Thanks for trying this out.

> And I observe the following fails – which seems
> to be new and related to your patch (but I have not confirmed it by
> reverting your libatomic patch).
> 

Could you confirm that?

Meanwhile, I'll try to reproduce on x86_64.

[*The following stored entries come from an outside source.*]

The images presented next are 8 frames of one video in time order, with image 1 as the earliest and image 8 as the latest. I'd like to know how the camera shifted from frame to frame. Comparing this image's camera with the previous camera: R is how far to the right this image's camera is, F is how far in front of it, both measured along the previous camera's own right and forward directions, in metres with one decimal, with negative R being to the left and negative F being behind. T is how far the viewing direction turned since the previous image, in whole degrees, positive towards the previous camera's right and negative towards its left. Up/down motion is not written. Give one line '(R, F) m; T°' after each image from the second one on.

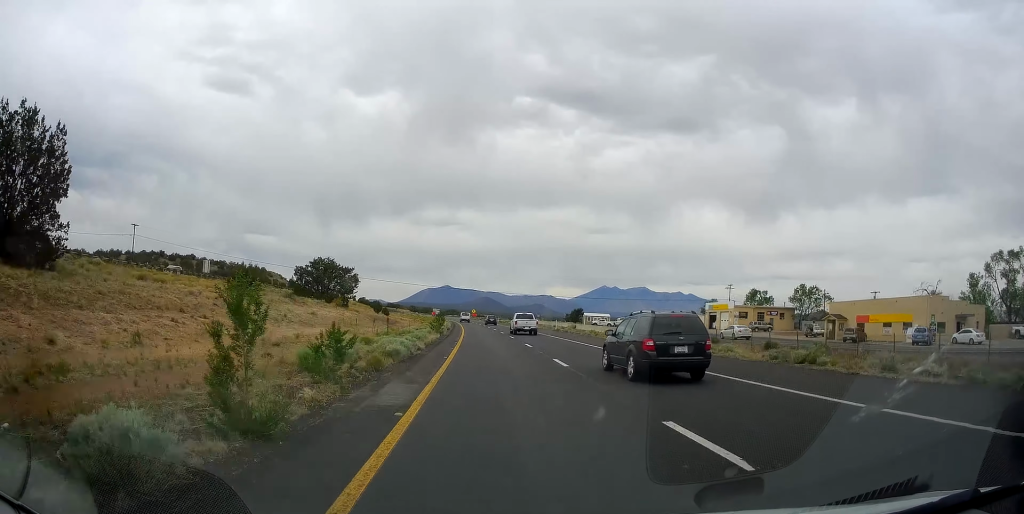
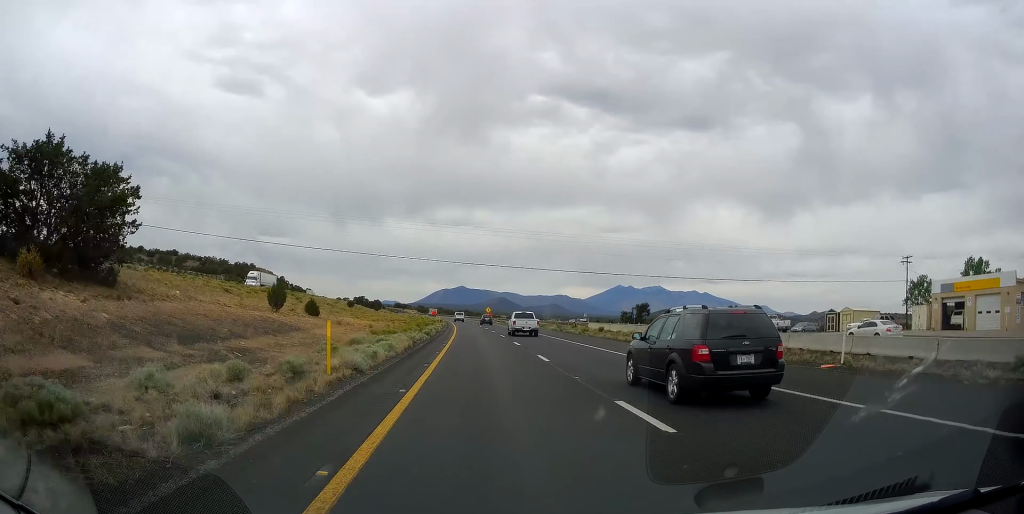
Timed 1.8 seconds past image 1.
(-1.0, +59.0) m; -2°
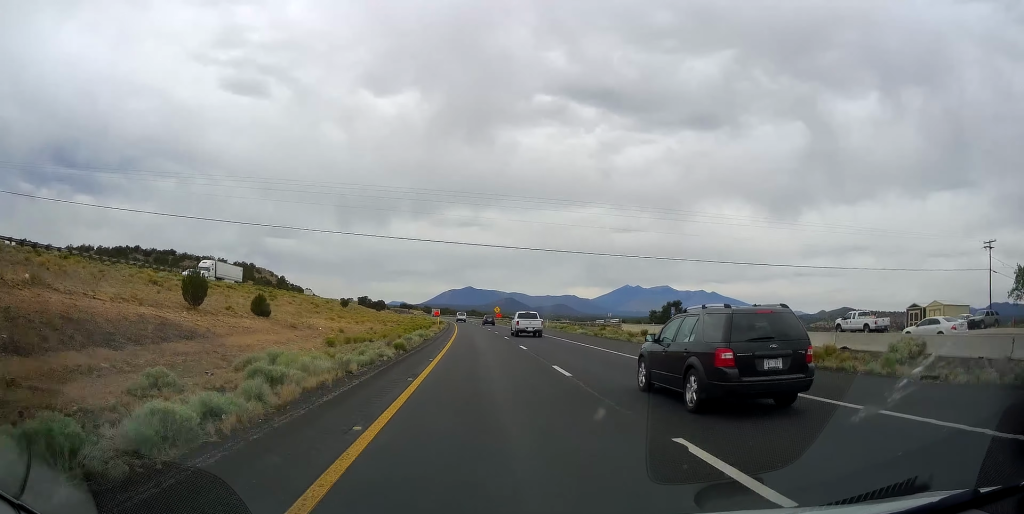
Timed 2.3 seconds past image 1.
(+0.2, +16.2) m; -1°
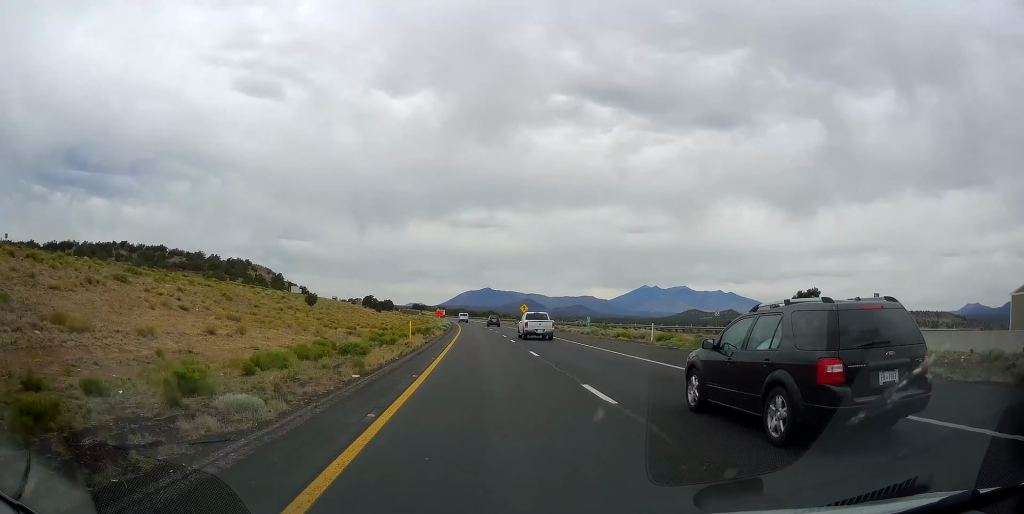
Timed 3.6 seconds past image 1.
(-1.1, +42.3) m; -2°
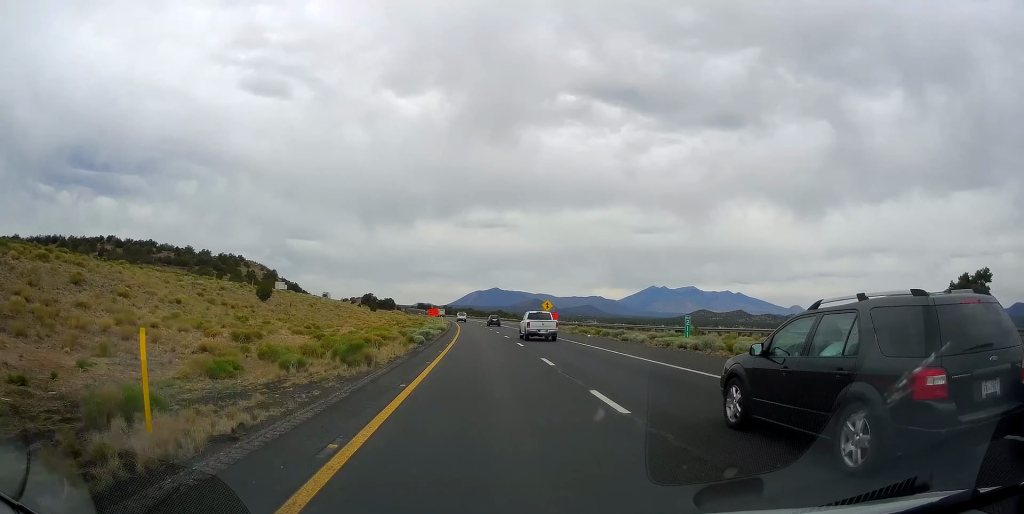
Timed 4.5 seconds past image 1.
(-0.2, +27.0) m; -1°
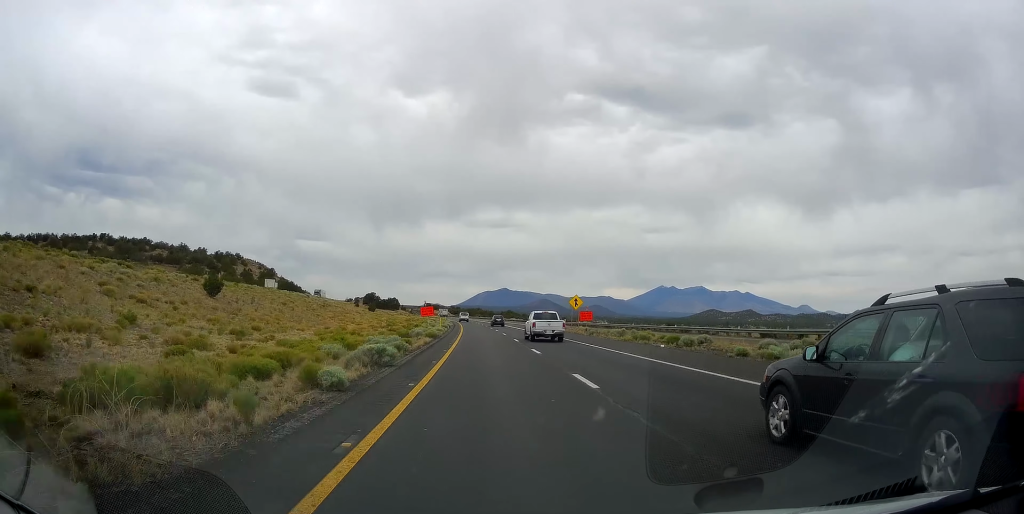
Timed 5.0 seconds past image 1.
(0.0, +18.4) m; -1°
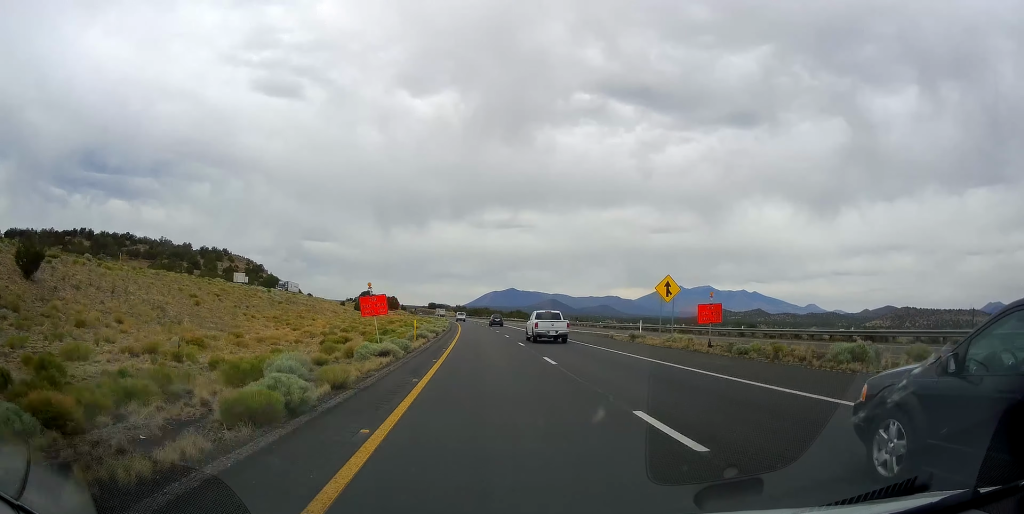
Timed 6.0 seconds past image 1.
(-0.4, +30.3) m; -1°
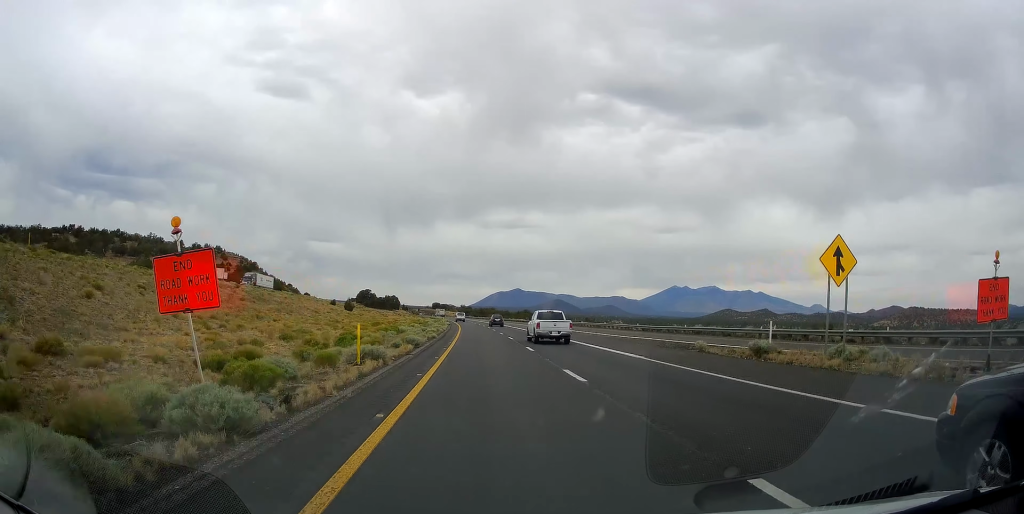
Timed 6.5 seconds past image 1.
(-0.1, +17.3) m; -1°

> Required option for the fail: "-O2 -ftracer",
> hence, only the "-O3 ..." testsuite builds fail.
> (-ftracer = "Perform tail duplication to enlarge superblock size.")
> 
> 
> during RTL pass: mach
> asyncwait-1.f90:19: internal compiler error: in nvptx_find_par, at
> config/nvptx/nvptx.c:3293
> 0x10bf9f13 nvptx_find_par
>         gcc/config/nvptx/nvptx.c:3293
> 0x10bf9b97 nvptx_find_par
>         gcc/config/nvptx/nvptx.c:3320
> 0x10bf9b97 nvptx_find_par
>         gcc/config/nvptx/nvptx.c:3320
> ...
> 
> 
> The ICE occurs for the second assert of:
>         case CODE_FOR_nvptx_join:
>           /* A loop tail.  Finish the current loop and return to
>              parent.  */
>           {
>             unsigned mask = UINTVAL (XVECEXP (PATTERN (end), 0, 0));
> 
>             gcc_assert (par->mask == mask);
>             gcc_assert (par->join_block == NULL);
> 
> gdb shows:
> (gdb) p debug_bb(par->join_block )
> (note 213 30 31 24 [bb 24] NOTE_INSN_BASIC_BLOCK)
> (insn 31 213 204 24 (unspec_volatile:SI [
>             (const_int 4 [0x4])
>         ] UNSPECV_JOIN)
> "libgomp/testsuite/libgomp.oacc-fortran/deep-copy-8.f90":24:0 237
> {nvptx_join}
>      (nil))
> (jump_insn 204 31 205 24 (set (pc)
>         (label_ref 198)) 121 {jump}
>      (nil)
>  -> 198)
> 

Yep, code duplication works against the matching of fork/join, it's not
the first time we see this.

Usually the fix is to make an optimization pass conservative with
respect to these fork/join regions, but AFAICT, ftracer already has such
code in ignore_bb_p that tests gimple_call_internal_unique_p.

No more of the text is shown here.